小学三年生だった当時、父親がおらず裕福とは言えない春乃は、学校内で明らかに異分子だった。
というのも、その小学校は都内の富裕層が子息を通わせることで有名で、言わばセレブ御用達だったためだ。
私立であり、授業料や制服、その他諸々に金がかかる。寄付金も強制ではないが、暗黙の了解で莫大な金額が必要。
他にも、親の付き合いや習い事、特別なカリキュラムに校外学習。
一般的な家庭には、到底費用を賄えない。
そんな学校に何故春乃が入学できたのかと言えば、母親が神宮寺家の住み込み家政婦だからである。
本来ならば、近隣の公立小学校へ通えばいい。言わずもがな、春乃も母もそのつもりだった。
けれど神宮寺の主夫妻、及び息子である要の強い希望によって、春乃は彼と同じ学校へ通うこととなったのだ。
恥ずかしながら、かかる経費の全ては神宮寺の家が負担してくれることとなった。代わりに求められたのが、要の身の回りの世話を焼くこと。
とは言え、幼い子どもにできることなんてたかが知れている。
実際のところは、『いつも一緒にいる友人』でしかなかった。登下校中は勿論、授業中何らかのグループを作る場合、そして放課後も。
だが、それこそが同級生たちには面白くなかったようだ。
旧家のお嬢様や大会社経営者の子息にしてみれば、確実に『住む世界が違う』春乃が奇異に思えたに決まっている。
しかも毛色が違う羊が、富裕層が集まる学校内でも特に目立つ、神宮寺家の坊ちゃんに張り付いているとなれば、幼心にも嫉妬心が抑えられなくても不思議ではなかった。
要は家柄の良さだけでなく、容姿がずば抜けて整っており、生まれて間もなくから『天使』と讃えられた。
印象的な黒目に、繊細な唇。きめ細やかで白い肌。
少女と見間違われたことは一度や二度ではない。
知性を宿した瞳は大人をたじろがせるほどでありつつも、子どもらしい愛らしさを兼ね備えている。
更に聡明で性格がいいとなれば、老若男女問わず魅了された。
神宮寺家は政治家や医師、弁護士などを多数輩出している名家なので、保護者たちも是非お近づきになりたいと目論むのが、自然な成り行き。
彼はどこにいても場の中心になるタイプだった。
そんな要の隣に、異質なオマケが四六時中引っ付いているのである。
小学校入学当初はまだ幼くて、己の心情がよく理解できなかった少女たちも、いずれは気が付く。
これが、『嫉妬』なのだと。
女児の成長は早く、九歳にもなれば色恋に興味も出てくる。はっきり恋愛感情が分からずとも、『羨ましい』を『狡い』と置き換えるくらいはしてしまうものだ。

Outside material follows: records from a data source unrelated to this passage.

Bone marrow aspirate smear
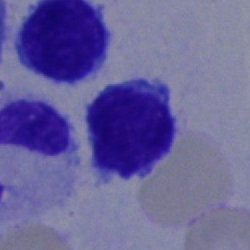

Impression — typical lymphocyte.
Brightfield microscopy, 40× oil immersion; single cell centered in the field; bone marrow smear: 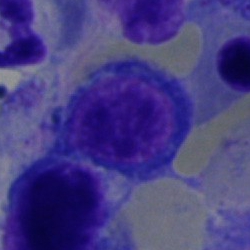{"cell_type": "erythroblast"}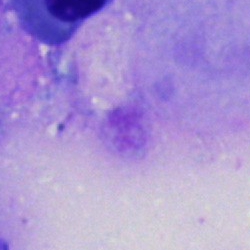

結果、小学校三年生になった頃から、春乃への嫌がらせは始まっていた。
初めはちょっとした無視程度。そこから私物を隠されたり、偶然を装ってぶつかられたりするようになった。
さりとて、元からクラスに馴染んでいたとは言えない身だ。
だが、気のせいかなと深刻に考えないよう春乃が努めている間に事態は悪化し、やがて教科書や体操服を破られるなどの被害が起こった。
正直なところ、これが一番の痛手である。
何せそれらを買い揃えてくれたのは、全て神宮寺家。
母も文房具くらいは用意しますと言ったのだが、この学校は全てが指定されており、しかもかなり高額だった。
母が賄うのは現実的ではなく、最終的に『春乃ちゃんに息子と同じ学校へ通ってほしいとうちが懇願したのだから、我が家がかかる費用を出すのが当たり前だ』と告げられ、甘えた形だ。
それ故、春乃はボロボロに破られた教科書などを前に打ちひしがれるより他になかった。
母親や神宮寺夫妻に迷惑をかけてしまうことが、心苦しくて。
クラスメイトに意地悪をされていること自体は、たいして気にならない。
そもそも常に要の傍にいて、友人と呼べる女子もいなかった。
だから考えるのは、壊されてしまったものをどうごまかし、どうやれば少しでも修繕できるかだけ。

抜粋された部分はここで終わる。